Hello All: Is there a place in this Forum which shows pictorially, typical hookups to the DSP1124P? I was thinking sub-to BFD, sub + mains to BFD, mains-to-BFD, etc.

Is there a preferred mic pre-amp that most folks use. Is there any advantage in buying a pre-amp that uses phantom power? 

Thanks
Eric G.


----------



## Otto (May 18, 2006)

At the top of every HTS page is a link to the BFD manual, written by our very own Sonnie, brucek, and others!

This is the button:









Read that and then see if you have any questions.



> I was thinking sub-to BFD, sub + mains to BFD, mains-to-BFD, etc.


In general, most people use this path, and EQ their sub only:

Receiver or preamp sub out -> BFD -> Sub.
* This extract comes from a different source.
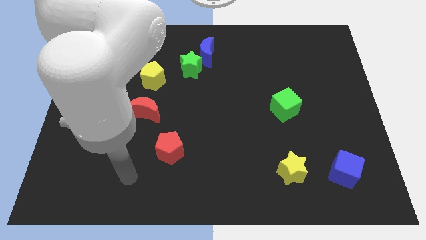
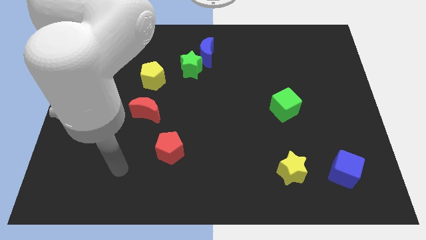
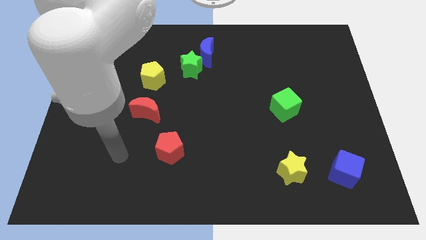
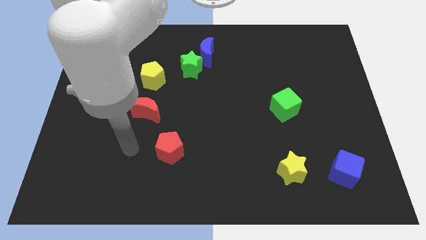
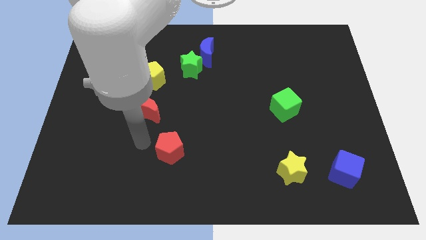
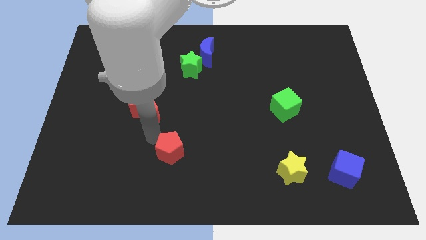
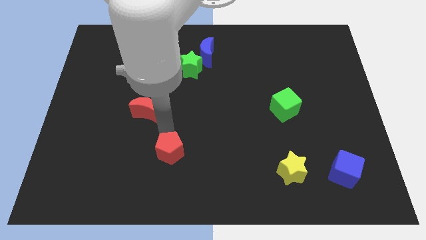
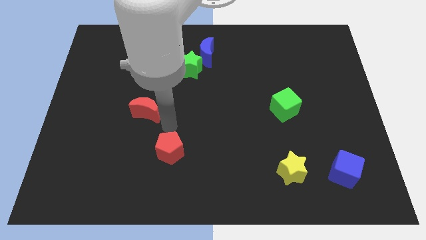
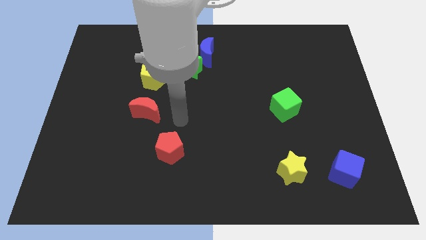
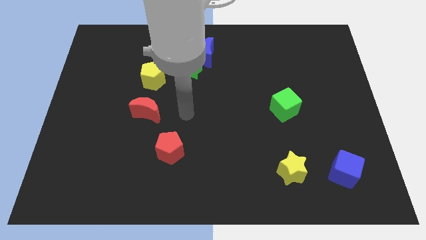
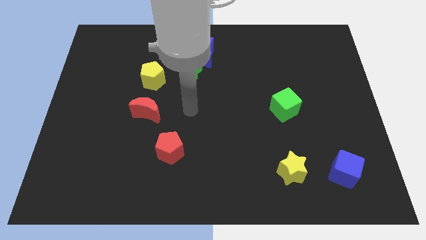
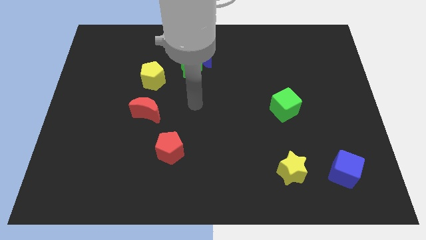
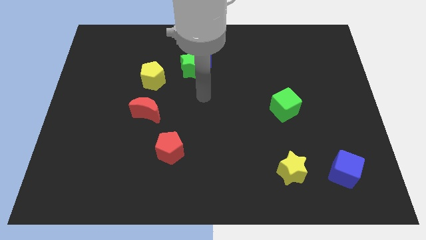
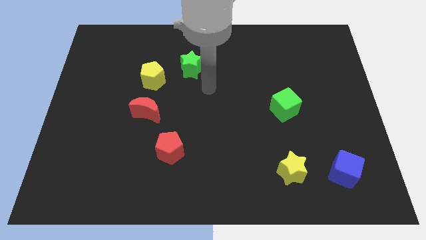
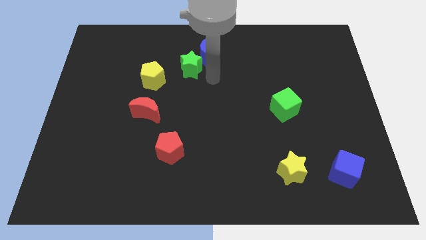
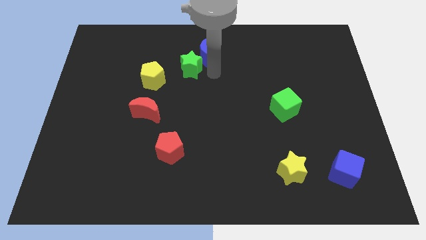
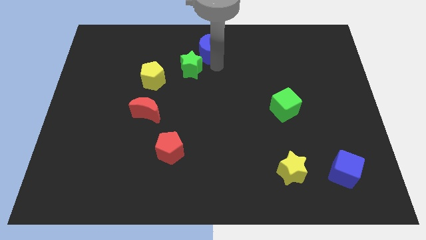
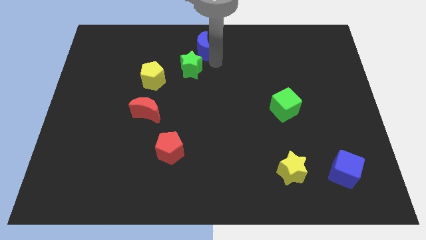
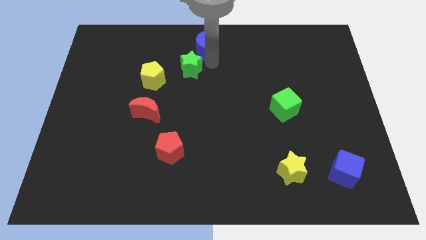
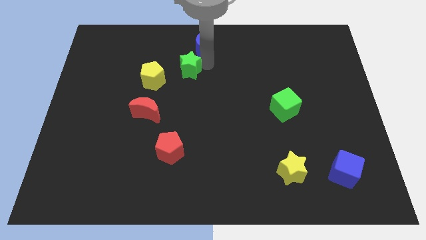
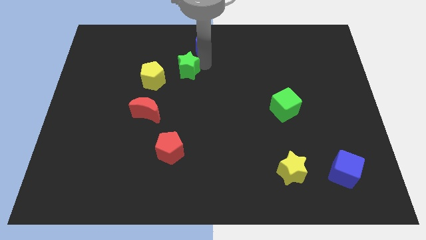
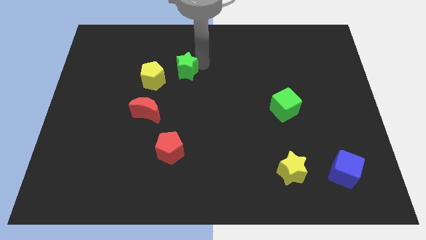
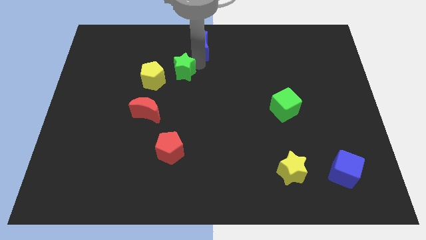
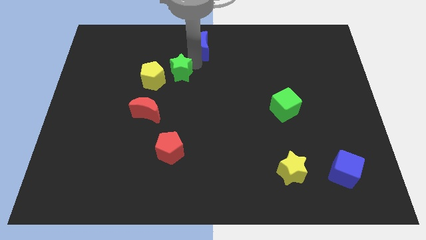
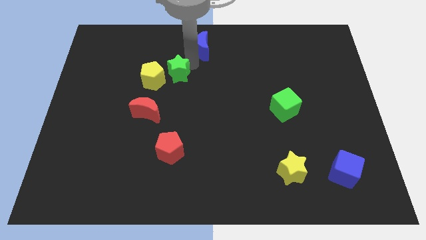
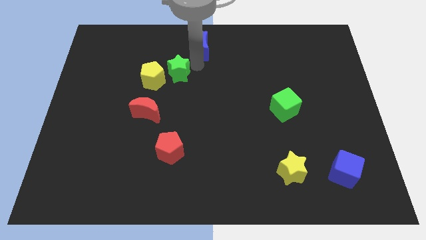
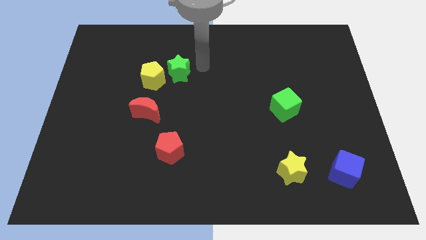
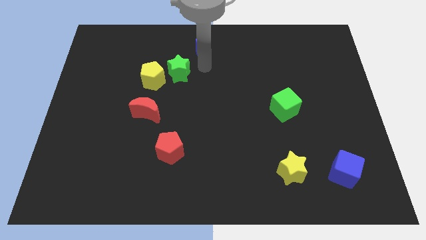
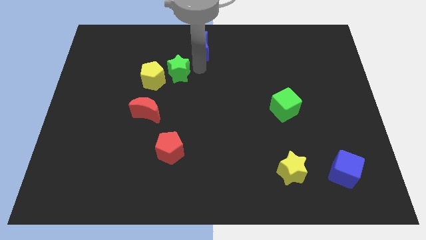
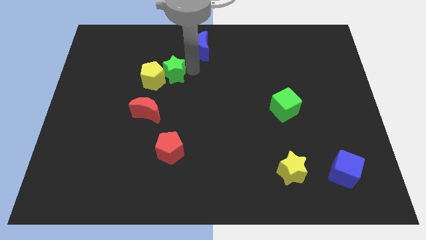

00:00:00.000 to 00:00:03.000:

Most people do not EQ mains, but it is possible.


----------



## tomacco (Dec 8, 2007)

Otto: I've tried that button several times, but with no luck. I'm using an iMac, and right-clicking, and left-clicking.


----------



## tomacco (Dec 8, 2007)

Otto said:


> At the top of every HTS page is a link to the BFD manual, written by our very own Sonnie, brucek, and others!
> 
> This is the button:
> 
> ...


Hi Otto: A new mouse purchased at Future Shop during a winter storm allows inquisitive man to continue discovering the intricacies of the BFD.

Thanks


----------